What the task requires:
The response must consist of the lines from the one holding "The image shows 42" through the final line of the entries, given again exactly and without any pictures.

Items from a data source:
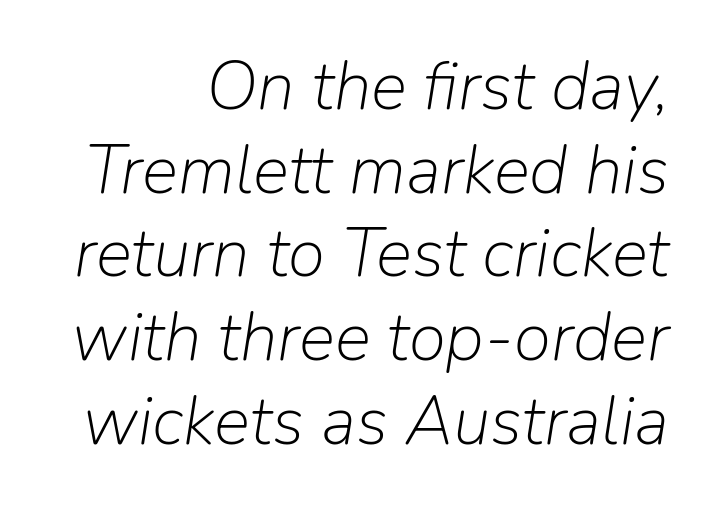
{"italic": "yes", "lean": "right", "slant_degrees": 9, "bold": "no", "weight": "light", "width": "normal", "stroke_contrast": "low", "x_height": "medium", "monospaced": "no", "underline": "no", "align": "right", "line_spacing_ratio": 1.23, "letter_spacing": "normal", "letter_spacing_em": 0.0, "glyph_px": 68}
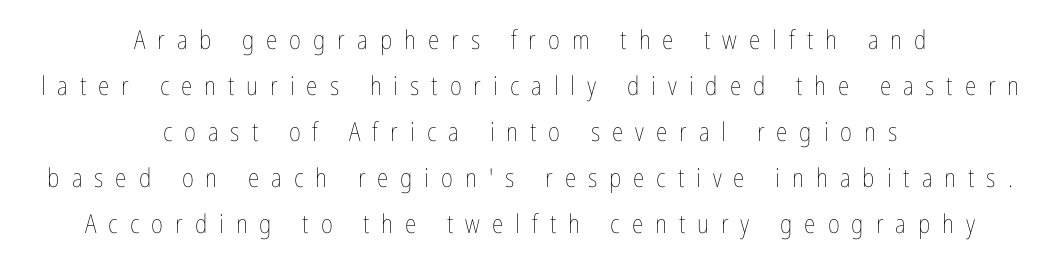
{"italic": "no", "bold": "no", "underline": "no", "align": "center", "line_spacing_ratio": 1.77, "letter_spacing": "wide", "letter_spacing_em": 0.46, "glyph_px": 26}
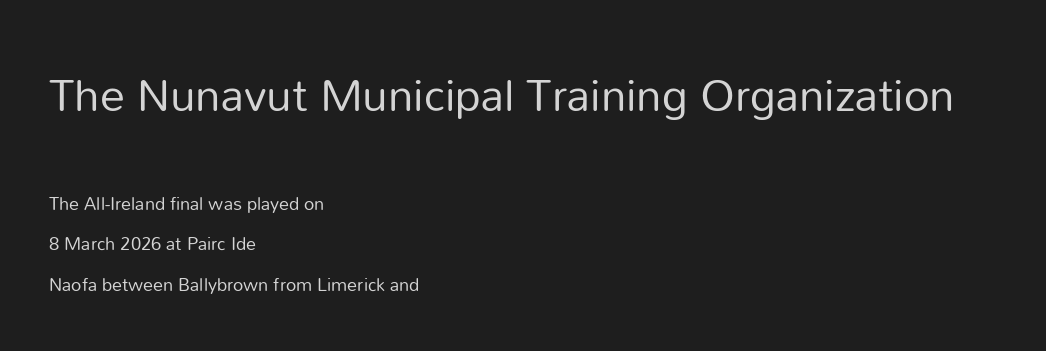
The image shows 45 px regular-weight sans-serif type, upright; set left-aligned, loose line spacing (2.23x), normal letter spacing, not underlined; the first (top) block is 2.5x larger; low stroke contrast and a medium x-height.
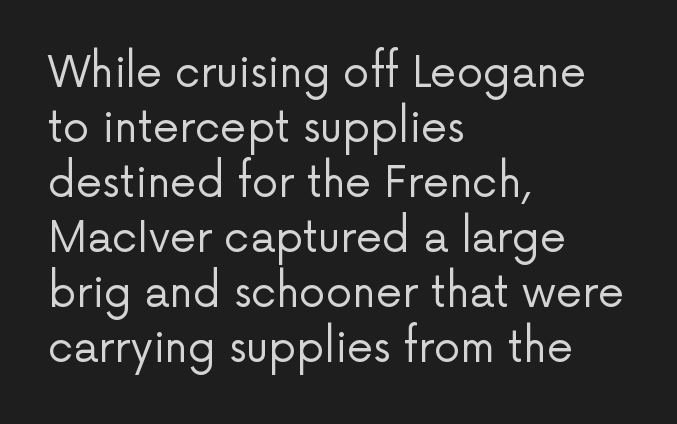
The image shows 42 px regular-weight sans-serif type, upright; set left-aligned, normal line spacing (1.31x), normal letter spacing, not underlined; low stroke contrast and a medium x-height.
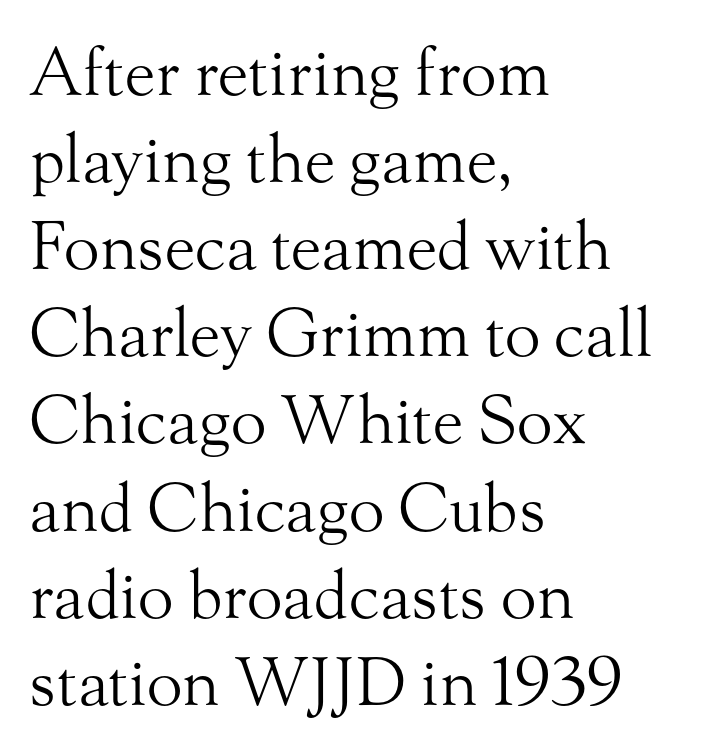
{"serif": "yes", "italic": "no", "bold": "no", "weight": "light", "width": "normal", "stroke_contrast": "medium", "x_height": "small", "monospaced": "no", "underline": "no", "align": "left", "line_spacing": "normal", "line_spacing_ratio": 1.32, "letter_spacing": "normal", "letter_spacing_em": 0.0, "glyph_px": 66}
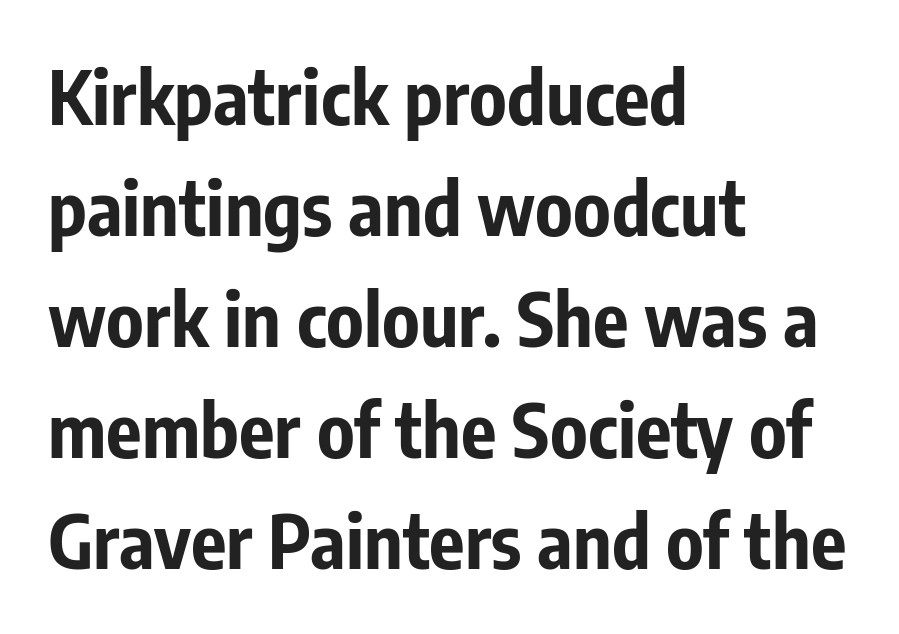
The image shows 74 px bold, condensed sans-serif type, upright; set left-aligned, normal line spacing (1.5x), normal letter spacing, not underlined; low stroke contrast and a medium x-height.

Answer space:
The image shows 42 px regular-weight sans-serif type, upright; set left-aligned, normal line spacing (1.31x), normal letter spacing, not underlined; low stroke contrast and a medium x-height.
{"serif": "yes", "italic": "no", "bold": "no", "weight": "light", "width": "normal", "stroke_contrast": "medium", "x_height": "small", "monospaced": "no", "underline": "no", "align": "left", "line_spacing": "normal", "line_spacing_ratio": 1.32, "letter_spacing": "normal", "letter_spacing_em": 0.0, "glyph_px": 66}
The image shows 74 px bold, condensed sans-serif type, upright; set left-aligned, normal line spacing (1.5x), normal letter spacing, not underlined; low stroke contrast and a medium x-height.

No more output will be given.